The data →
★ ★ ★ ★ ★

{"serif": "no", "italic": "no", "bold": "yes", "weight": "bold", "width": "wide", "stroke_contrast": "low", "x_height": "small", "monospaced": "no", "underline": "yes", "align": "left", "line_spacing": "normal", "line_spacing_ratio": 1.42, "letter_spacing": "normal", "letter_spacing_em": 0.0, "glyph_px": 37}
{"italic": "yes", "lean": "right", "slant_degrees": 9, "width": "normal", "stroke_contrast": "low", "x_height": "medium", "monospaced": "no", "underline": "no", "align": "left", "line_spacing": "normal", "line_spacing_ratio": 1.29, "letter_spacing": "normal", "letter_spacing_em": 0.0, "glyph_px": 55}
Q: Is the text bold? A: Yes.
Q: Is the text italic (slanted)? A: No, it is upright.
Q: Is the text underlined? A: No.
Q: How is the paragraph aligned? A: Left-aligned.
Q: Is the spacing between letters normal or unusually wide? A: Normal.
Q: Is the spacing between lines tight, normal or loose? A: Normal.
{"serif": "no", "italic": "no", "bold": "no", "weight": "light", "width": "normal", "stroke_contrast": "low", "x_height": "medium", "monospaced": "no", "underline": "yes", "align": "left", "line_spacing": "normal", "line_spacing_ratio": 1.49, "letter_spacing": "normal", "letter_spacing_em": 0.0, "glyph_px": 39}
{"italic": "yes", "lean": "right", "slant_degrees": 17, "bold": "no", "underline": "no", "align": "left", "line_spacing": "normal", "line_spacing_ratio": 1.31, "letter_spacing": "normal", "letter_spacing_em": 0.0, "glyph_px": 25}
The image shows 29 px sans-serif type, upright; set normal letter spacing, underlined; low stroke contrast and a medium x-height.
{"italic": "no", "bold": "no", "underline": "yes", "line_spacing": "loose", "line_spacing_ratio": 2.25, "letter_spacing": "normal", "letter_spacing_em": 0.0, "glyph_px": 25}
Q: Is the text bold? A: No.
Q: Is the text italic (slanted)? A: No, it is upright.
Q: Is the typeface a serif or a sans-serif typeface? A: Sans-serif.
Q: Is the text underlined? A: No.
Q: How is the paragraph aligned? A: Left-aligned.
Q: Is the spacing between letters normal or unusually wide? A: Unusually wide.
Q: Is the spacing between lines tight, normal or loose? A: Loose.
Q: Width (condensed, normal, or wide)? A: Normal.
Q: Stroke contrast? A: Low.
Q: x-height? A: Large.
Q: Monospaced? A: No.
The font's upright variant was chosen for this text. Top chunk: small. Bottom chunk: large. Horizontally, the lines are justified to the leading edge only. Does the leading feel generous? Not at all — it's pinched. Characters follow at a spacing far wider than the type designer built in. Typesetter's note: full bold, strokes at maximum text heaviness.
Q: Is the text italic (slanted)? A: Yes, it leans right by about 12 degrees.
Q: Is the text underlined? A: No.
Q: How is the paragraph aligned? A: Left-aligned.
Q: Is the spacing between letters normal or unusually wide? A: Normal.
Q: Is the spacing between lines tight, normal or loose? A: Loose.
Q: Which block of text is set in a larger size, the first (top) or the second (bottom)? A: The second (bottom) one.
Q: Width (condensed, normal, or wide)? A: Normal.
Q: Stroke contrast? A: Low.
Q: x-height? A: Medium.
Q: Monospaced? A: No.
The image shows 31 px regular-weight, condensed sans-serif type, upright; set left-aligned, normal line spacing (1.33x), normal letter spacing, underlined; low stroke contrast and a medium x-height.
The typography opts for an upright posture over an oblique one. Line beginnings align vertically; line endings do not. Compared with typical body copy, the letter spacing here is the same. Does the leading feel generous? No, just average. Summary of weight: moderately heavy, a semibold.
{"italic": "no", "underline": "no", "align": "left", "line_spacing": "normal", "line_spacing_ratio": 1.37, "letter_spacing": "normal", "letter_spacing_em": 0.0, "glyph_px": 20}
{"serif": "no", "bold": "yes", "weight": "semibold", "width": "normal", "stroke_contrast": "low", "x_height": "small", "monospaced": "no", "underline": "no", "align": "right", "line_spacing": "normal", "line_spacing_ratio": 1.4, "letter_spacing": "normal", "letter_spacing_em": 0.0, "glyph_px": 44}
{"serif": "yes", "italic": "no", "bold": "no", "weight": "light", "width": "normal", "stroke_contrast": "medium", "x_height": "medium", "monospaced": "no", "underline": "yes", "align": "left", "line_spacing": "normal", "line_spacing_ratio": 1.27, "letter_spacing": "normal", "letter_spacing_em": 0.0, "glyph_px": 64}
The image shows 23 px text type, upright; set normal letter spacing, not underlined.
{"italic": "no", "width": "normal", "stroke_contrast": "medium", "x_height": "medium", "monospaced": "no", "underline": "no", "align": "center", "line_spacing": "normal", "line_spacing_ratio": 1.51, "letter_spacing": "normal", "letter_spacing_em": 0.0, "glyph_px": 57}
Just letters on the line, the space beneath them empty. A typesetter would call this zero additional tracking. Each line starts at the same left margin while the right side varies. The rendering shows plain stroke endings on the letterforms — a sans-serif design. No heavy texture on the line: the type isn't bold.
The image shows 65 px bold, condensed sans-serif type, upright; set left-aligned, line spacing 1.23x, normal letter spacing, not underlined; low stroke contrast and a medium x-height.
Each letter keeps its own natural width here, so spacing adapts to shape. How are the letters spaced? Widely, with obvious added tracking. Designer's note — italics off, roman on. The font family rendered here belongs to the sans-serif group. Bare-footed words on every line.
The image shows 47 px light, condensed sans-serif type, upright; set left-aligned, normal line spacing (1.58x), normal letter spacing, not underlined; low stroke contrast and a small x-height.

★ ★ ★ ★ ★

Work item →
All lines above from the one containing "Q: x-height? A: Medium." to the one containing "The image shows 31" must be repeated exactly, both lines included, and no others.

Result below →
Q: x-height? A: Medium.
Q: Monospaced? A: No.
The image shows 31 px regular-weight, condensed sans-serif type, upright; set left-aligned, normal line spacing (1.33x), normal letter spacing, underlined; low stroke contrast and a medium x-height.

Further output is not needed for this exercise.